Manchmal geht es nicht anders. Ein Zahn muss raus. Oder mehrere. Schlimmstenfalls alle. Mit Zahnlücke(n) oder gar zahnlos lebt es sich aber schlecht. Dann steht die Entscheidung an, welche Art von Zahnersatz am besten für ein wieder funktionstüchtiges Gebiss sorgt. Soll er herausnehmbar sein, festsitzend oder gar fix im Kiefer verankert?  Zu große Zahnlücken lassen sich nicht mit Brücken schließen, Zahnlosigkeit nicht damit beseitigen. Dann bleibt nur die Wahl Implantat oder Prothese. Kommt ersteres nicht infrage, sorgt eine meist mit Kunststoffzähnen (Konfektionszähnen) bestückte Zahnprothese (Gebissprothese) für den Ersatz verlorengegangener Beißerchen. Je nachdem, ob sie ein unvollständiges Gebiss ergänzt oder für ein komplett fehlendes “einspringt“, unterscheidet man zwischen Teil- und Totalprothese.
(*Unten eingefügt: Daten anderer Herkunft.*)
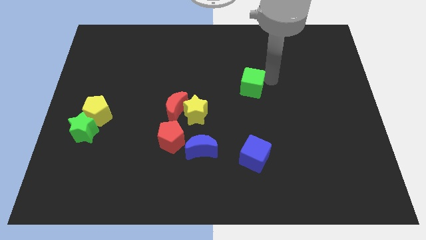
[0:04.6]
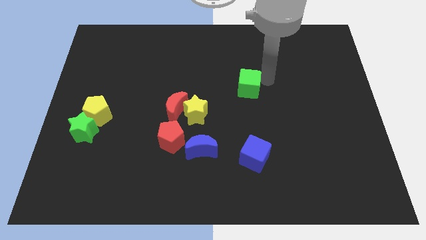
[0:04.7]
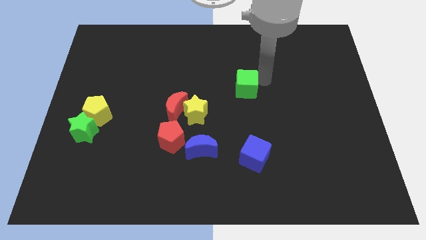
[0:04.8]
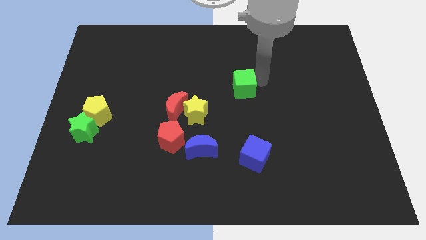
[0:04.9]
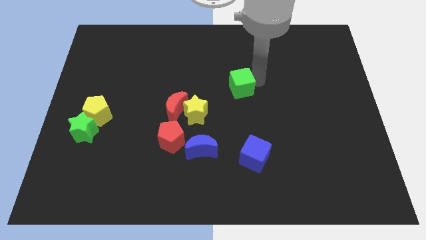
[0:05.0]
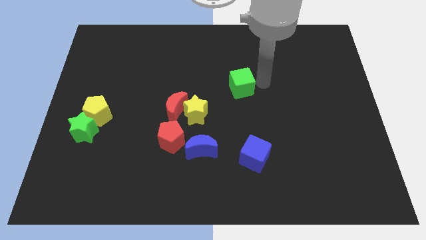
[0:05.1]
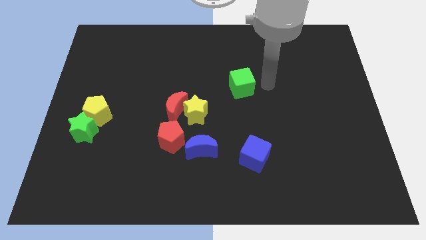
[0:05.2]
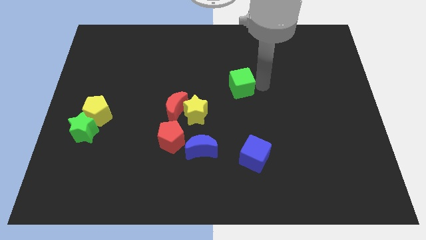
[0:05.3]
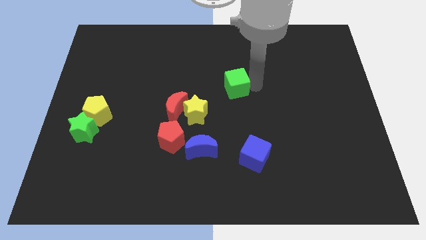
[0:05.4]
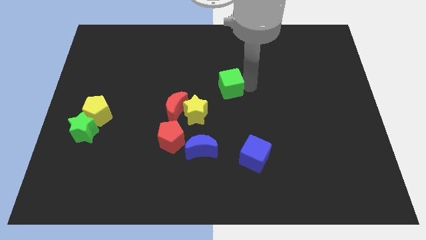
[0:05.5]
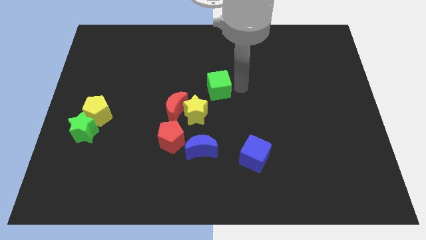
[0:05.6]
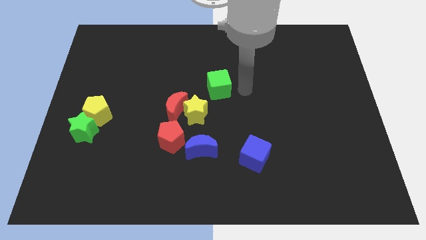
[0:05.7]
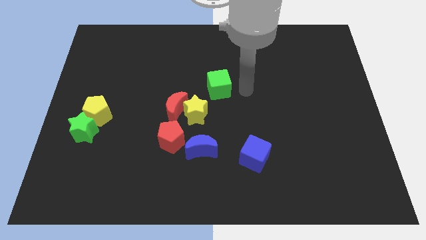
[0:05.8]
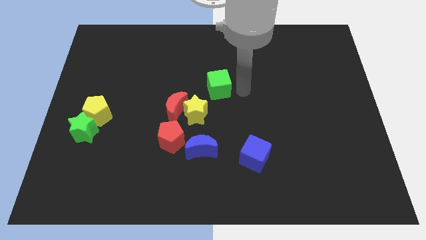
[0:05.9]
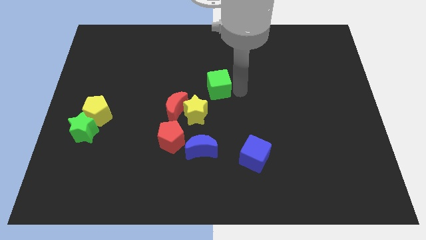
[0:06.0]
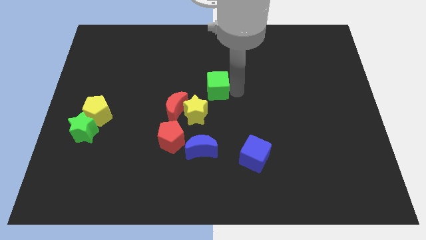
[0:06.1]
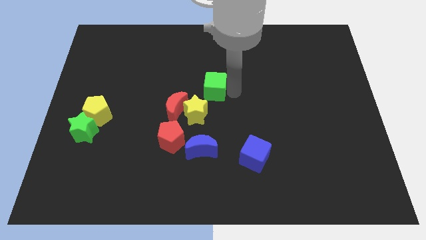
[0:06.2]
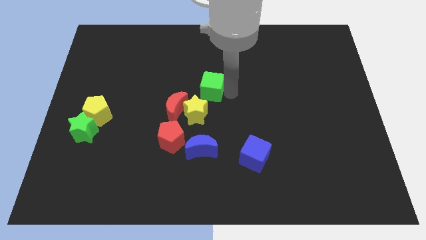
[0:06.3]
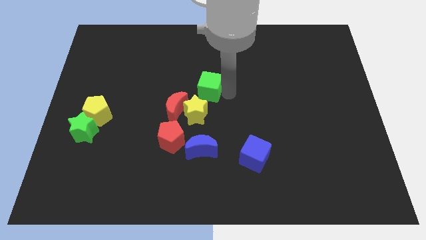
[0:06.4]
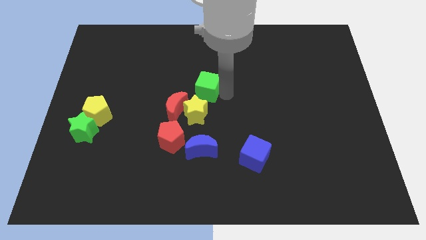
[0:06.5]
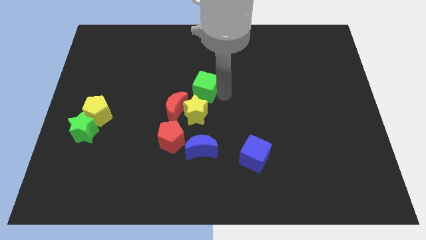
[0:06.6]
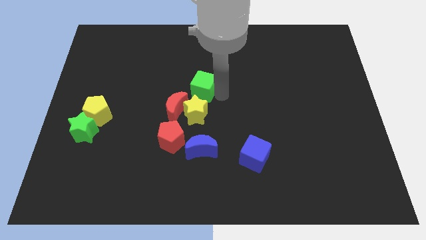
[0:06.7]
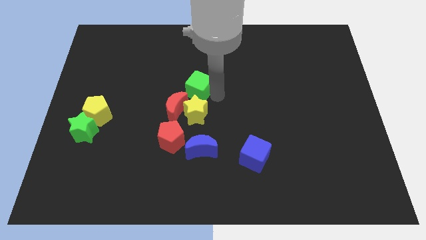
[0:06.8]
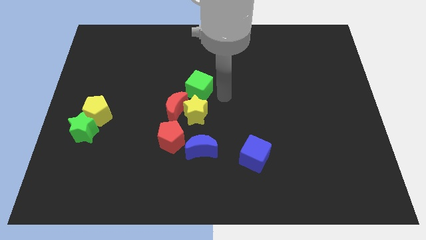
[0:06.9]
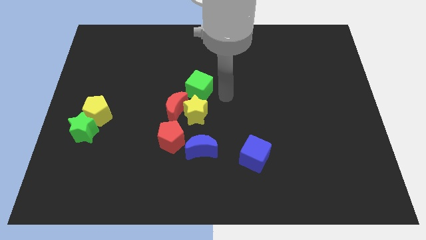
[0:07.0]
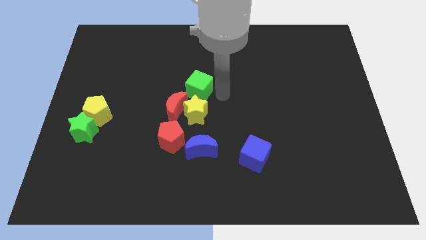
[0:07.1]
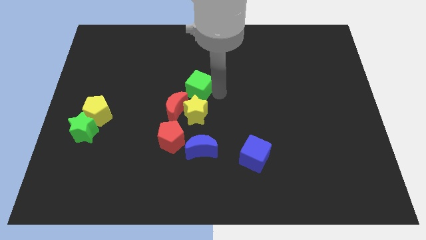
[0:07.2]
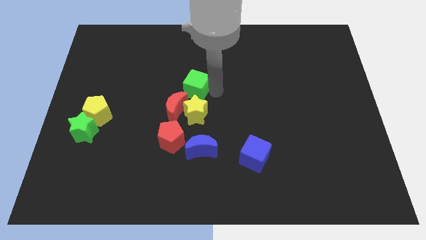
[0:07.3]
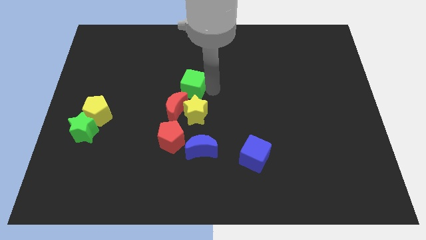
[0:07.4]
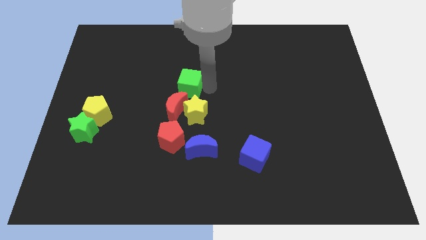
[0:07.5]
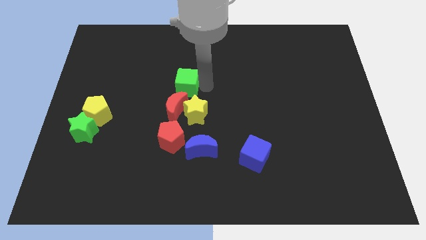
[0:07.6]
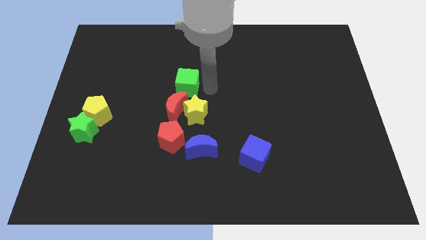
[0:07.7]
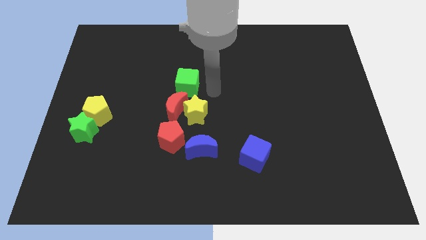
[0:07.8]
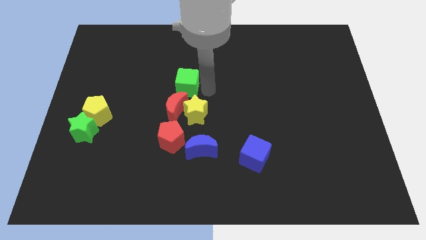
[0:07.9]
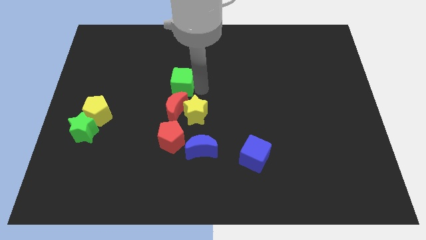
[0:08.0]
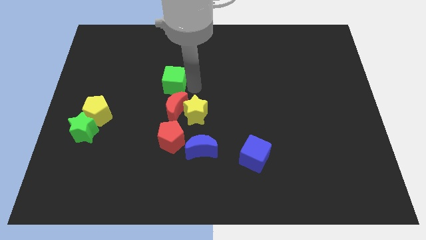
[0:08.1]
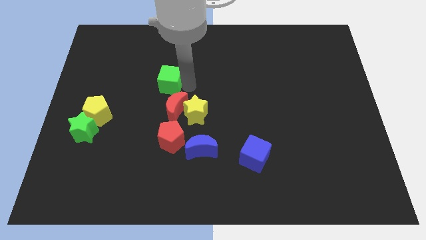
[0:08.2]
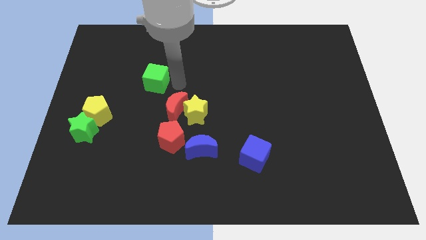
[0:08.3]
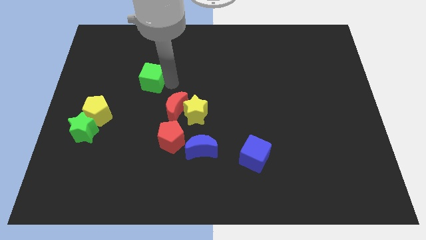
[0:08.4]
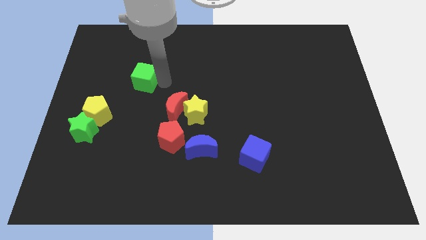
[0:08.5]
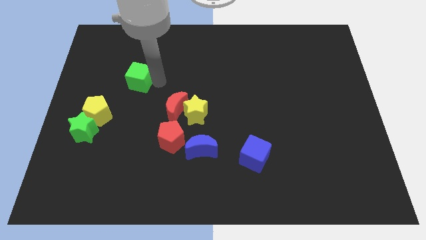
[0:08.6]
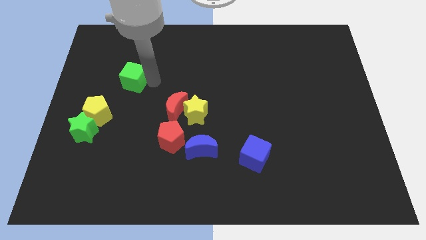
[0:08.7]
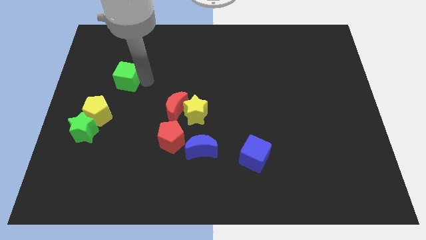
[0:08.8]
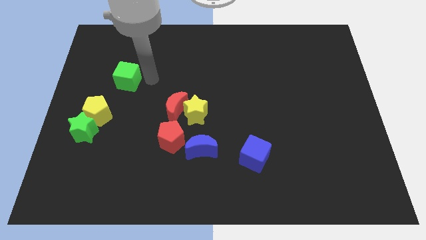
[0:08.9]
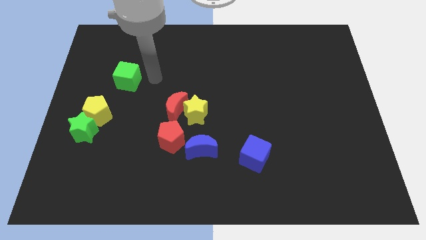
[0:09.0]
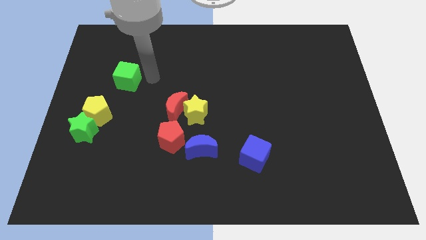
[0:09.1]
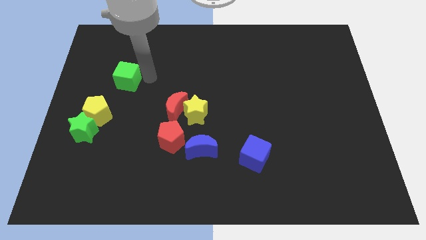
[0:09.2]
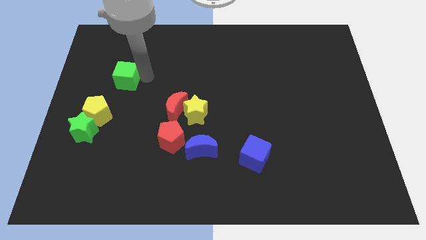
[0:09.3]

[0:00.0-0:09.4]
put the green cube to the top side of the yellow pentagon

Teilprothesen: herausnehmbare Lückenfüller

Existieren als notwendiger Halt für einen Zahnersatz noch genug passable eigene Zähne und kommen Brücken oder Implantate nicht in Betracht, kann eine Teilprothese (Modellgussprothese, partielle Prothese) eine recht kostengünstige und rasche Lösung zur Überbrückung von Zahnlücken sein. Der herausnehmbare Zahnersatz besteht aus einem Edelstahlgerüst und einem Kunststoffteil (sog. Sattel), an dem künstliche Zähne aus Kunststoff oder Keramik angebracht sind. Im Oberkiefer ist das Gerüst meist eine am Gaumen anliegende Platte, im Unterkiefer ein Bügel, der sich mittels Metallklammern an eigenen Zähnen festhält, was der Ästhetik abträglich sein kann. Stören z.B. im Frontzahnbereich sichtbare Klammern den kosmetischen Eindruck, kann die Teilprothese als Alternative mit einem Geschiebe, Steg oder Anker versehen werden, um an den natürlichen Zähnen zu haften. Allerdings müssen zu diesem Zweck zumindest zwei Zähne überkront werden. Somit entsteht ein kombinierter Zahnersatz, d.h. eine Mischung aus festem und herausnehmbarem Zahnersatz.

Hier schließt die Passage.